> [WHAT IS NEEDED] Where a line holds the word "Question", copy it from the records.

Records from a data collection:
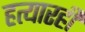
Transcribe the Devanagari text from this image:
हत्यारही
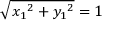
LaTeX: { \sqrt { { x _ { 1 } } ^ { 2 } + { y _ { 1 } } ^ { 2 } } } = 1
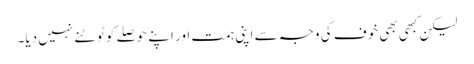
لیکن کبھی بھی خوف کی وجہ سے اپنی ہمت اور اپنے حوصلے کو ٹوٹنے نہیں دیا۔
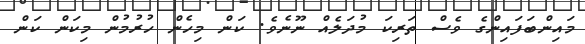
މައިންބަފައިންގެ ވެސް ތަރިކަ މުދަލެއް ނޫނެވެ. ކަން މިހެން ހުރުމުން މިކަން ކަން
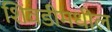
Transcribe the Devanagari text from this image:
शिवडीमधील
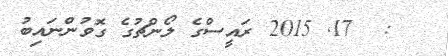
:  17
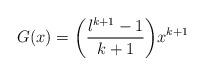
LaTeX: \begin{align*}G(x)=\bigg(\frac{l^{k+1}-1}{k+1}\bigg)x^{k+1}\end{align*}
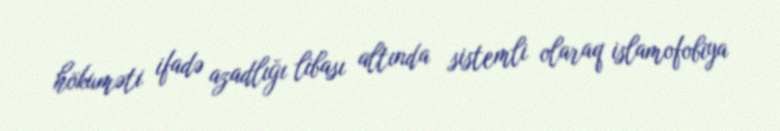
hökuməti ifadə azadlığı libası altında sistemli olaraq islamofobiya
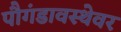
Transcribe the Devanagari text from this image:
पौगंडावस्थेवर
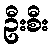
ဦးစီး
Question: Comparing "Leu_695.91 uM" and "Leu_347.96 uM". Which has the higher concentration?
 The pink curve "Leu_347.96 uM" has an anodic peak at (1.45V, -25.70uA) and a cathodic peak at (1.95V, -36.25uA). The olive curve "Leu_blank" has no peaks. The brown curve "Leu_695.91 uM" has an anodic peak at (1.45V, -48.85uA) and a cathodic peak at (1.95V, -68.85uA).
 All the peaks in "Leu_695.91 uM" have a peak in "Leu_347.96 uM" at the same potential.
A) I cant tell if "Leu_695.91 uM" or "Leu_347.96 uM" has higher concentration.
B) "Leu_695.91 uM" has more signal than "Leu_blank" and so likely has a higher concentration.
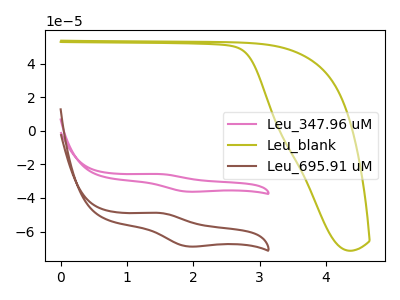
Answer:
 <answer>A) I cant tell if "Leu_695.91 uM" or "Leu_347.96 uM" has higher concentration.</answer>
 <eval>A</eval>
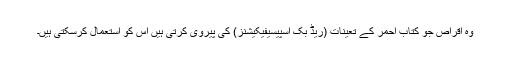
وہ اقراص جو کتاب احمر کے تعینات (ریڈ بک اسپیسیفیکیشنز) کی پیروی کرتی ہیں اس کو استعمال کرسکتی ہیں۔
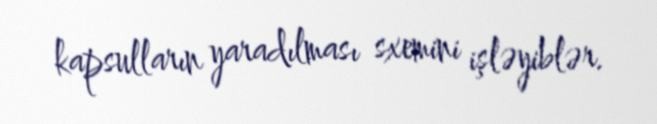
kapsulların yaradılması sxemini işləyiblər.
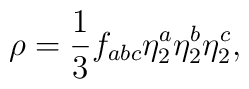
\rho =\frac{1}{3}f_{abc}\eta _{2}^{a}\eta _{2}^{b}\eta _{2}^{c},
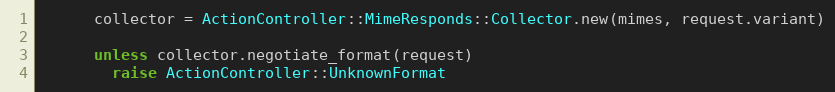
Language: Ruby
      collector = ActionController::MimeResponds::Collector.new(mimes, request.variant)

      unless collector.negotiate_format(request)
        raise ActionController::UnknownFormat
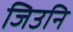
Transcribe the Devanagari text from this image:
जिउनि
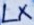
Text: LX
---
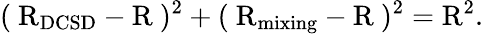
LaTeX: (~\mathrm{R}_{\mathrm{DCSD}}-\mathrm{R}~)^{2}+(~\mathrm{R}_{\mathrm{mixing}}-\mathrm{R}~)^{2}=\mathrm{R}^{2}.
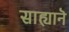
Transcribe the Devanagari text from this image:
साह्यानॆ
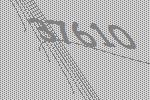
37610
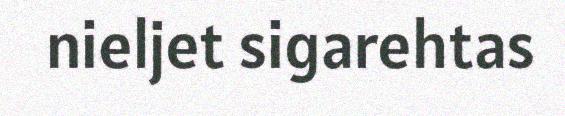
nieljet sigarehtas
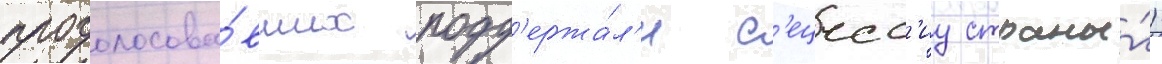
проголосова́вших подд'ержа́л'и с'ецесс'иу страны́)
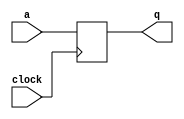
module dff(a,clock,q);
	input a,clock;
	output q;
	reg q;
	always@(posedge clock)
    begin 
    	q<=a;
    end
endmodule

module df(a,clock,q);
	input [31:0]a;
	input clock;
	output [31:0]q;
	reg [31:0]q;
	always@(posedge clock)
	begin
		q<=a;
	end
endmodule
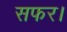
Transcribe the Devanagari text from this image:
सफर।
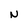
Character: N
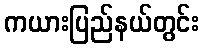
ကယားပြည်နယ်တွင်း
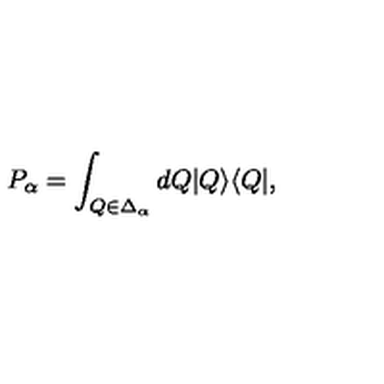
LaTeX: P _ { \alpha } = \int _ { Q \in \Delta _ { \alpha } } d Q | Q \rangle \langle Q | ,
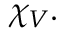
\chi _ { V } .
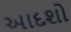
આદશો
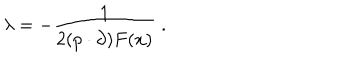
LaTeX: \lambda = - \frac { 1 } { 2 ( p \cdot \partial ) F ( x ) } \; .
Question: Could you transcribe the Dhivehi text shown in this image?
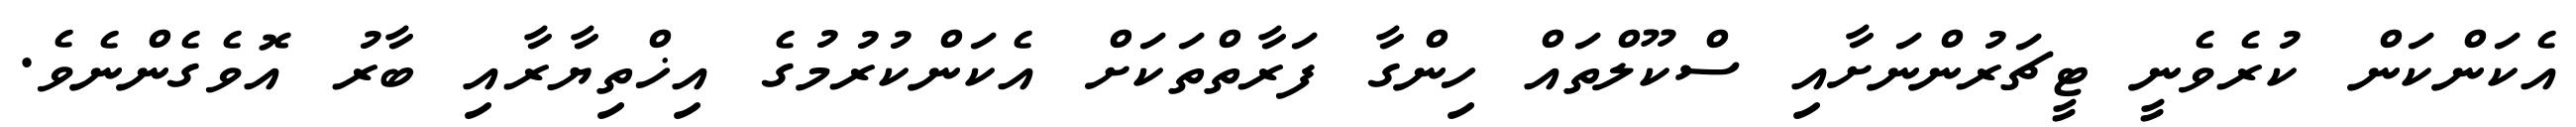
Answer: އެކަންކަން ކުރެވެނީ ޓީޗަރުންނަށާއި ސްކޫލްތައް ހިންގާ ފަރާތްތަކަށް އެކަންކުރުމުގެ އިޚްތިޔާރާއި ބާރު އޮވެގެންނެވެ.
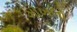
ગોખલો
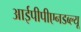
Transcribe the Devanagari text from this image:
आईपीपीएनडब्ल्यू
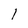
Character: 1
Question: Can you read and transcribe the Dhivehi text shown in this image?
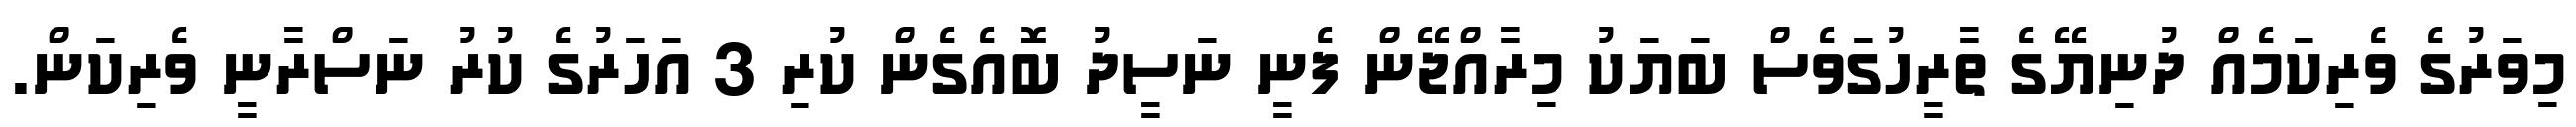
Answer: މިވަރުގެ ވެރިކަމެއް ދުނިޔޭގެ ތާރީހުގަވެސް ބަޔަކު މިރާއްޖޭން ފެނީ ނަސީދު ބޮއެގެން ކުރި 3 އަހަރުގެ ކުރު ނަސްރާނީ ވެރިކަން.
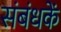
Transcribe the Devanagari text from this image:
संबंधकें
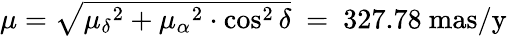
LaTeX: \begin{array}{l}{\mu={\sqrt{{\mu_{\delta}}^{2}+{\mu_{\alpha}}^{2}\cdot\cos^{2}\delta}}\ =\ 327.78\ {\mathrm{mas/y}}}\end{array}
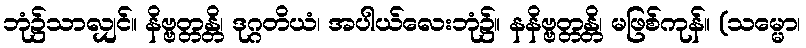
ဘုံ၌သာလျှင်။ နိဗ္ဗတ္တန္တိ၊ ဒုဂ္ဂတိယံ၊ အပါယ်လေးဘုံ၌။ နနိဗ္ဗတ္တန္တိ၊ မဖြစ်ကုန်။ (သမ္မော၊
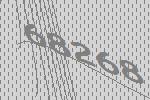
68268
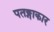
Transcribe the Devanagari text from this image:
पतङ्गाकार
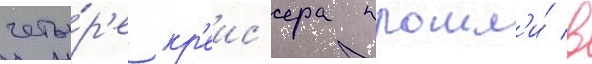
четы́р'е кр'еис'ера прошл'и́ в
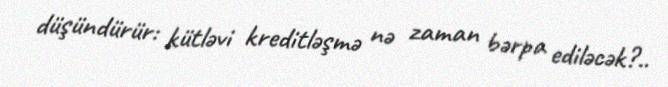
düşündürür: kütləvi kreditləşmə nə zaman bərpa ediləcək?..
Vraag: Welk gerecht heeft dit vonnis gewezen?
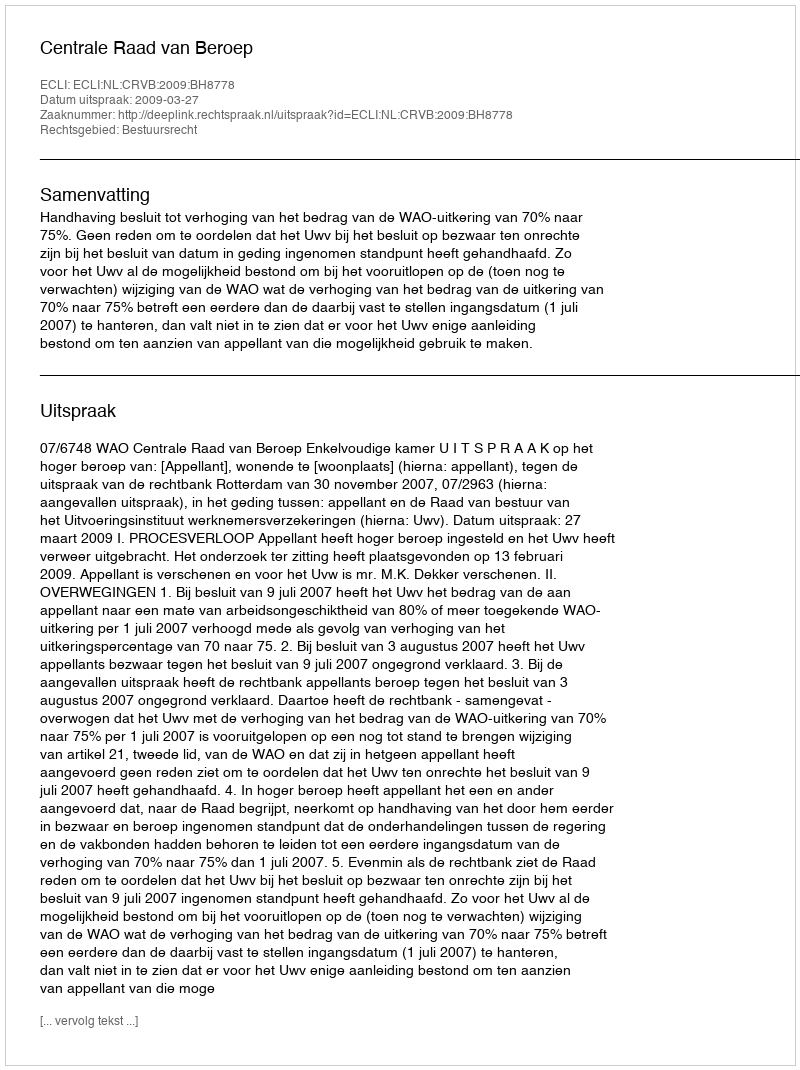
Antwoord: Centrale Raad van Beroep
==
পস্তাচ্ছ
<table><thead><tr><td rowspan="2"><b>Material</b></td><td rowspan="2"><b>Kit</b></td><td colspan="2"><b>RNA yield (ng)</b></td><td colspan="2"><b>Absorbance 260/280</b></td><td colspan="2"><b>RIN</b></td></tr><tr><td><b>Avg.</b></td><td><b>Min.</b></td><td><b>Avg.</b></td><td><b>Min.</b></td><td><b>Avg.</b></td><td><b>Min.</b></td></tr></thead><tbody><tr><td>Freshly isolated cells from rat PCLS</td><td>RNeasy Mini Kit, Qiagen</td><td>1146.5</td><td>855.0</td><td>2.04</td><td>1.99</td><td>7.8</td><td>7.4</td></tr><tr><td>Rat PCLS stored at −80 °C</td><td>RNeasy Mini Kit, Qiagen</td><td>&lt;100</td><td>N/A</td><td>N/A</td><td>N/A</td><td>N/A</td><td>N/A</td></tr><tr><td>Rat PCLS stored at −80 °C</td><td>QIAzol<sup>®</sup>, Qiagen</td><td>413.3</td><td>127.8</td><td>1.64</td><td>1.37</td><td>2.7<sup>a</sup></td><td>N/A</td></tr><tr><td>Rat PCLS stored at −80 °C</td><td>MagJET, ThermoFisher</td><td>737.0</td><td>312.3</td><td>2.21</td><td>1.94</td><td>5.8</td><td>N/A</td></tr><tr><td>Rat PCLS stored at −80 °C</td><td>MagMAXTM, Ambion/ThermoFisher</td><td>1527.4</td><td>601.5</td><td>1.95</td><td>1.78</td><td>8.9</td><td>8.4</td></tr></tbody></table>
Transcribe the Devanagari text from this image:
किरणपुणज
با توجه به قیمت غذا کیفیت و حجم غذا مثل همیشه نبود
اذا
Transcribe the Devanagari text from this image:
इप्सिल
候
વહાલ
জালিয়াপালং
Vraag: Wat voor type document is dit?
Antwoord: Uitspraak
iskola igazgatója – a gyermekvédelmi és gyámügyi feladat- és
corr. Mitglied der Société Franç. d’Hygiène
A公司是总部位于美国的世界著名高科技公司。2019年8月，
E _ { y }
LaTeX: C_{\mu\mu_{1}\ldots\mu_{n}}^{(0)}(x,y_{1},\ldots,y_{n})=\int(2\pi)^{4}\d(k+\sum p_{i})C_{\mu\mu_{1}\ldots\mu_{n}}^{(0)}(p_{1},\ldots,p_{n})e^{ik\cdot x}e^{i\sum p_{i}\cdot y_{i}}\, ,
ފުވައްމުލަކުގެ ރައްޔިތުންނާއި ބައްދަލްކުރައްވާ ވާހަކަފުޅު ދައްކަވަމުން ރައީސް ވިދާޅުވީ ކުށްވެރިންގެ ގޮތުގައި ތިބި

> [OUTPUT]
Question: Comparing "Leu_695.91 uM" and "Leu_347.96 uM". Which has the higher concentration?
Question: Could you transcribe the Dhivehi text shown in this image?
Question: Can you read and transcribe the Dhivehi text shown in this image?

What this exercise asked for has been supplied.